Cox models
cd("docs/src/fig/")
using Random, LSurvival, Distributions, LinearAlgebra, Plots, DataFrames
# generate some data under a discrete hazards model
id, int, out, data = LSurvival.dgm(MersenneTwister(1212), 100, 20)
data[:, 1] = round.(data[:, 1], digits = 3)
d, X = data[:, 4], data[:, 1:3]
wt = ones(length(d)) # random weights just to demonstrate usage
# Fit a Cox model with `Tables.jl` and `StatsAPI.@formula` interface (similar to GLM.jl)
# data can be in the form of a named tuple or a DataFrame
tab = (id=id, in = int, out = out, d=d, x=X[:,1], z1=X[:,2], z2=X[:,3], wt=wt)
df = DataFrame(tab)
show(df)Output: Note here that covariates are not time-varying, but that person-period data structures are used (which could accomdate time-varying exposures).
634×7 DataFrame
Row │ id x z t enter d wt
│ Int64 Float64 Float64 Int64 Int64 Float64 Float64
─────┼─────────────────────────────────────────────────────────
1 │ 1 0.125 0.0 1 0 0.0 1.0
2 │ 1 0.125 0.0 2 1 0.0 1.0
3 │ 1 0.125 0.0 3 2 0.0 1.0
4 │ 1 0.125 0.0 4 3 0.0 1.0
⋮ │ ⋮ ⋮ ⋮ ⋮ ⋮ ⋮ ⋮
631 │ 99 0.41 0.0 1 0 1.0 1.0
632 │ 100 0.103 0.0 1 0 0.0 1.0
633 │ 100 0.103 0.0 2 1 0.0 1.0
634 │ 100 0.103 0.0 3 2 1.0 1.0Note use of the id argument to specify that multiple observations come from the same individual.
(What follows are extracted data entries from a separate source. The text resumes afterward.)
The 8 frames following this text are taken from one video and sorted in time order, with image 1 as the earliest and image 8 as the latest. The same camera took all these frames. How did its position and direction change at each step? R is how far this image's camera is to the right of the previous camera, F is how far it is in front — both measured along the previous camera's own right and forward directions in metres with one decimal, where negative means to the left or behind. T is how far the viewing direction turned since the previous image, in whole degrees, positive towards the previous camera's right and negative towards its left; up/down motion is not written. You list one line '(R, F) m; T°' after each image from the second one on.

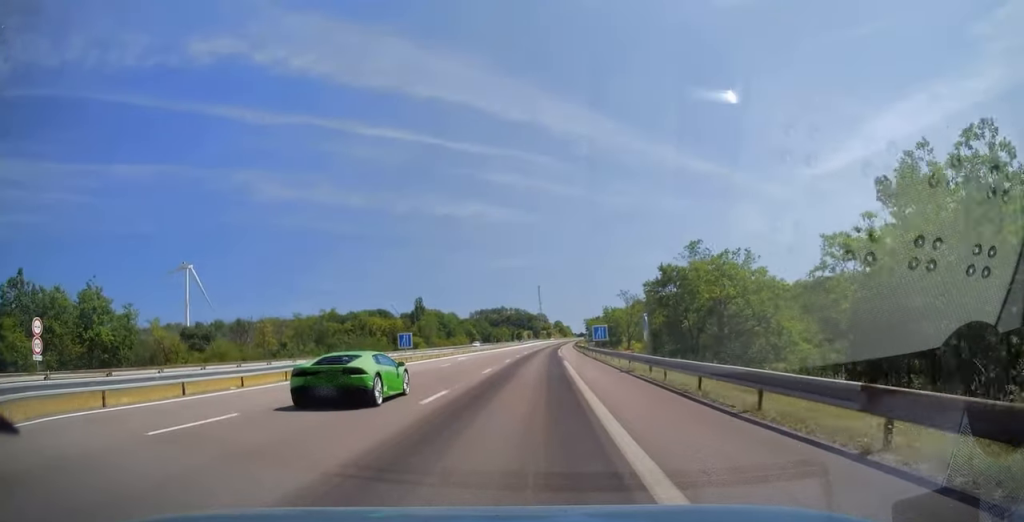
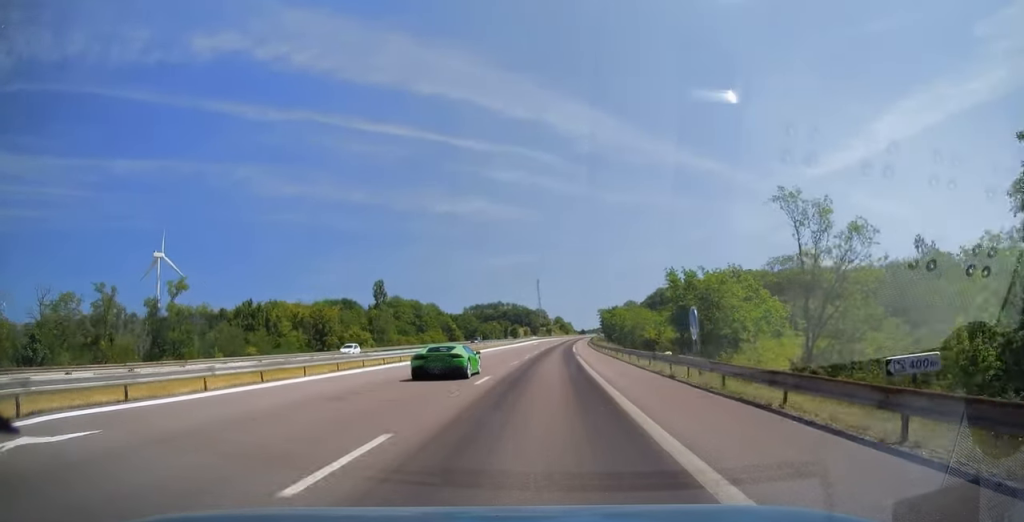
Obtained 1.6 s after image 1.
(+0.3, +47.3) m; +1°
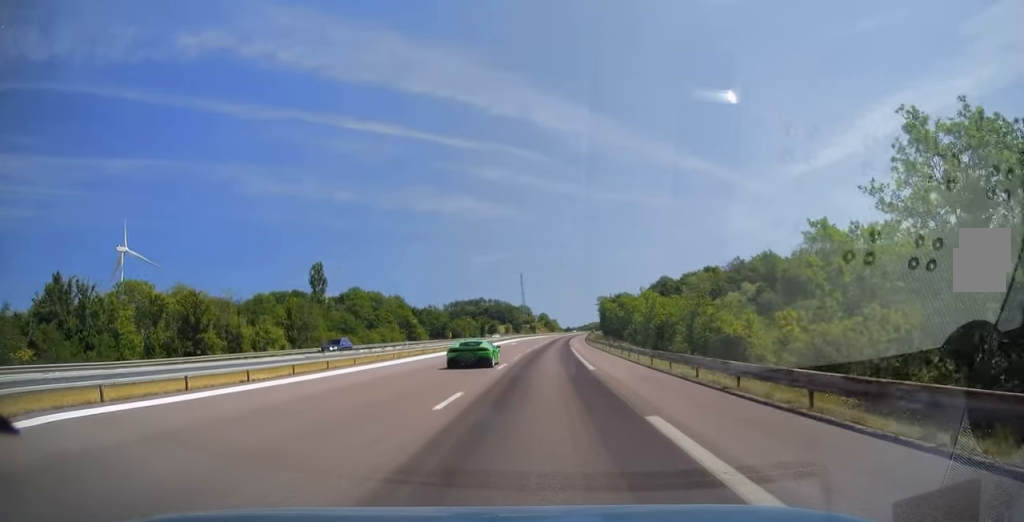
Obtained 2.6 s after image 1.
(+0.4, +32.7) m; +1°
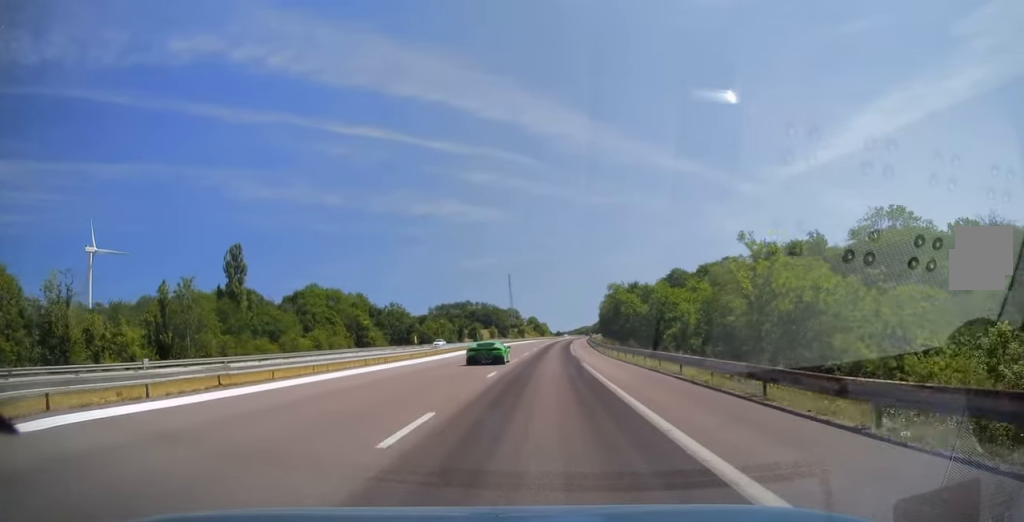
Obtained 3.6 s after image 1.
(+0.1, +29.7) m; +1°
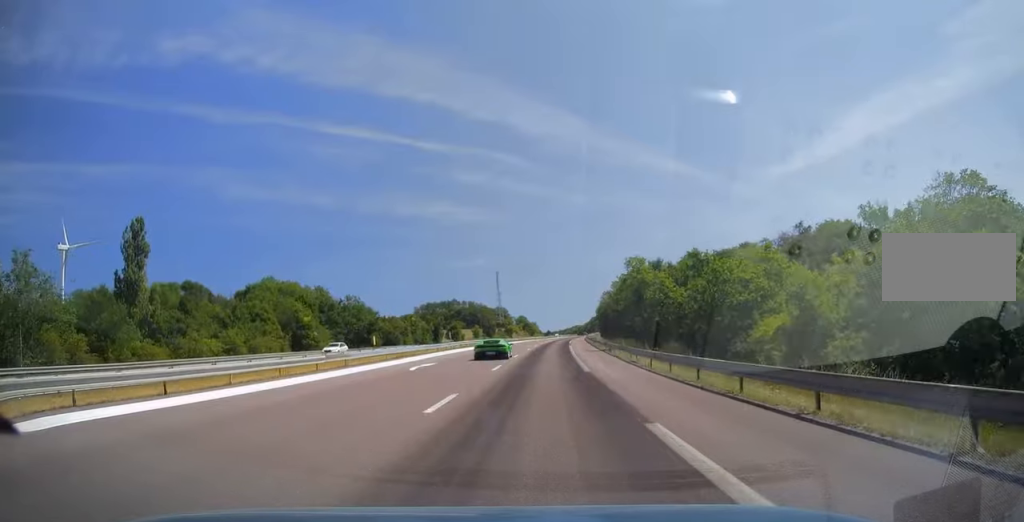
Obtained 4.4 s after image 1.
(+0.2, +22.7) m; +1°
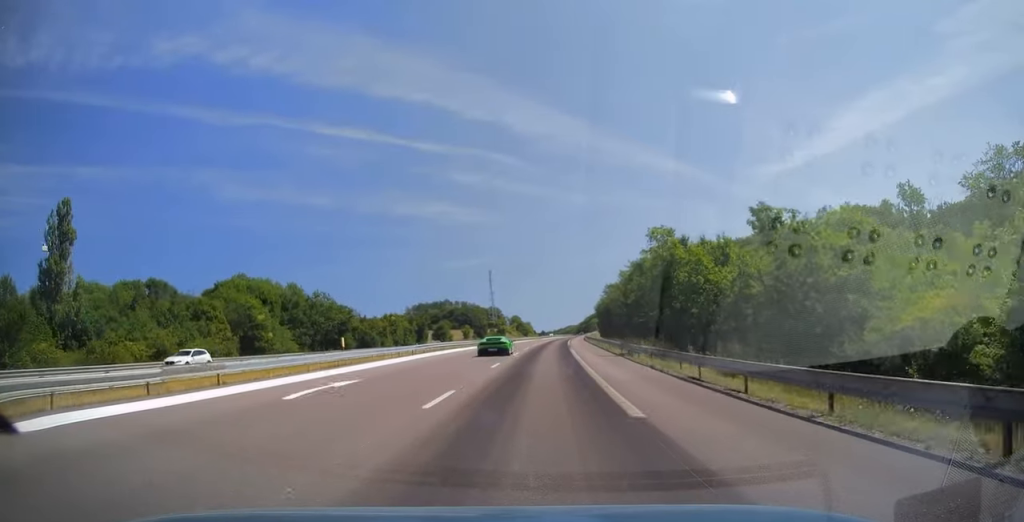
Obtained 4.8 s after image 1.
(+0.2, +12.6) m; 0°
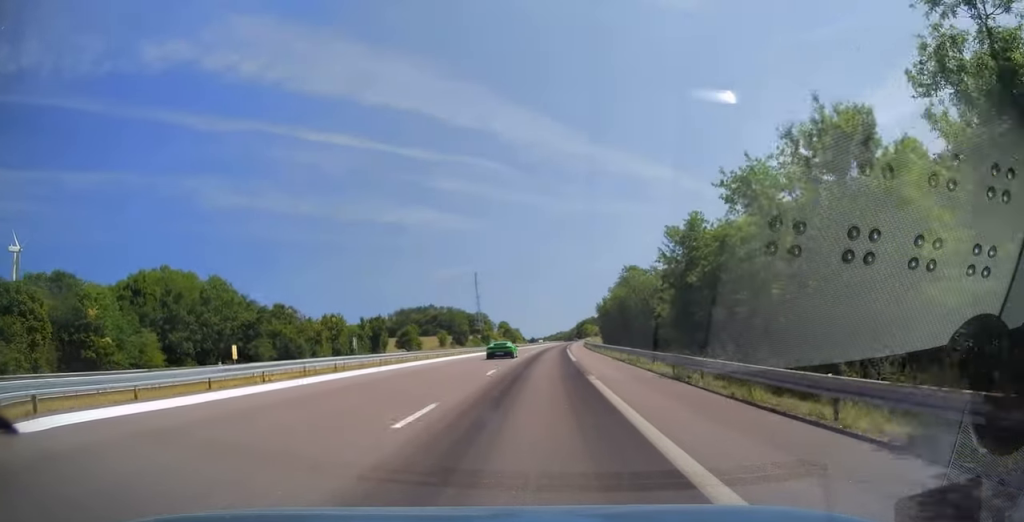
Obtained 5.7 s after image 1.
(+0.2, +28.2) m; +1°
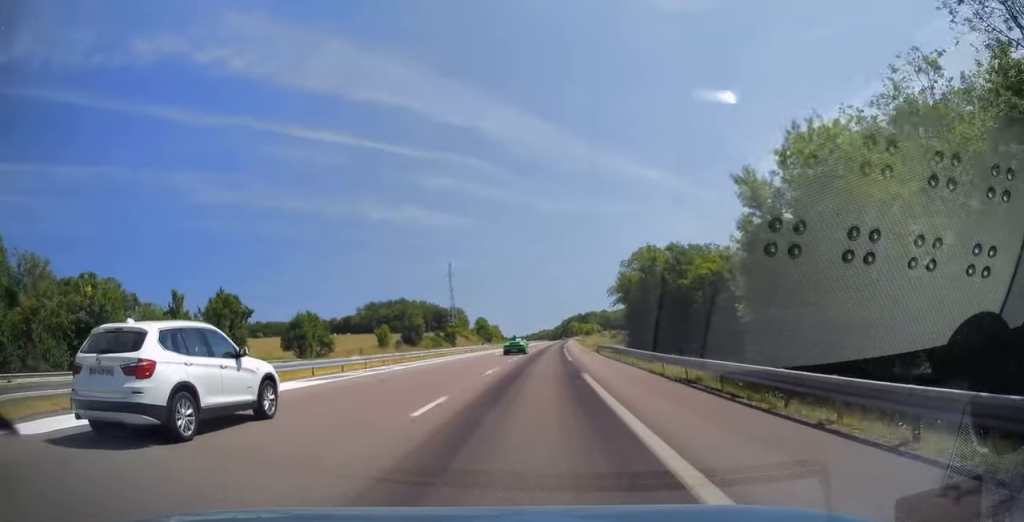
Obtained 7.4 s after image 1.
(+0.8, +50.3) m; +2°

This is important in the case of robust-variance estimation, jackknifing, bootstrapping, and influence-based residuals like dfbeta residuals. It will have no impact on the default output (confirm by fitting this model with and without the statement, and also compare influence plots below)!
mfit = coxph(@formula(Surv(in, out, d)~x+z1+z2), df, ties = "efron", wts = wt, id = ID.(df.id))Output:
Maximum partial likelihood estimates (alpha=0.05):
─────────────────────────────────────────────────────────
ln(HR) StdErr LCI UCI Z P(>|Z|)
─────────────────────────────────────────────────────────
x 1.6289 0.385794 0.872755 2.38504 4.22 <1e-04
z1 0.16381 0.30964 -0.443074 0.770694 0.53 0.5968
z2 1.79485 0.238453 1.32749 2.26221 7.53 <1e-13
─────────────────────────────────────────────────────────
Partial log-likelihood (null): -353.135
Partial log-likelihood (fitted): -322.353
LRT p-value (X^2=61.56, df=3): 2.7234e-13
Newton-Raphson iterations: 6Plotting survival outcomes (person-period plot)
plot(mfit.R)
savefig("ppplot.svg")
Estimating baseline hazards
Baseline hazards (at referent levels of covariates) are estimated by default in coxph.
res = mfit.bh
basehazplot(mfit)
savefig("basehaz.svg")
Output: baseline hazard data with columns:
- increment of cumulative hazard
- risk set
- number of events
- time
- weighted risk set
- weighted number of events
15×6 Matrix{Float64}:
0.0414475 100.0 14.0 1.0 100.0 14.0
0.0675423 86.0 19.0 2.0 86.0 19.0
0.0268964 67.0 6.0 3.0 67.0 6.0
0.046904 61.0 9.0 4.0 61.0 9.0
0.0613442 52.0 8.0 5.0 52.0 8.0
0.0405113 44.0 5.0 6.0 44.0 5.0
⋮ ⋮
0.0464299 19.0 2.0 10.0 19.0 2.0
0.0707131 17.0 2.0 11.0 17.0 2.0
0.0748497 15.0 3.0 12.0 15.0 3.0
0.0552285 12.0 1.0 13.0 12.0 1.0
0.0951294 11.0 2.0 16.0 11.0 2.0
0.0736525 9.0 1.0 20.0 9.0 1.0Model fit: Schoenfeld residuals (one set for each parameter)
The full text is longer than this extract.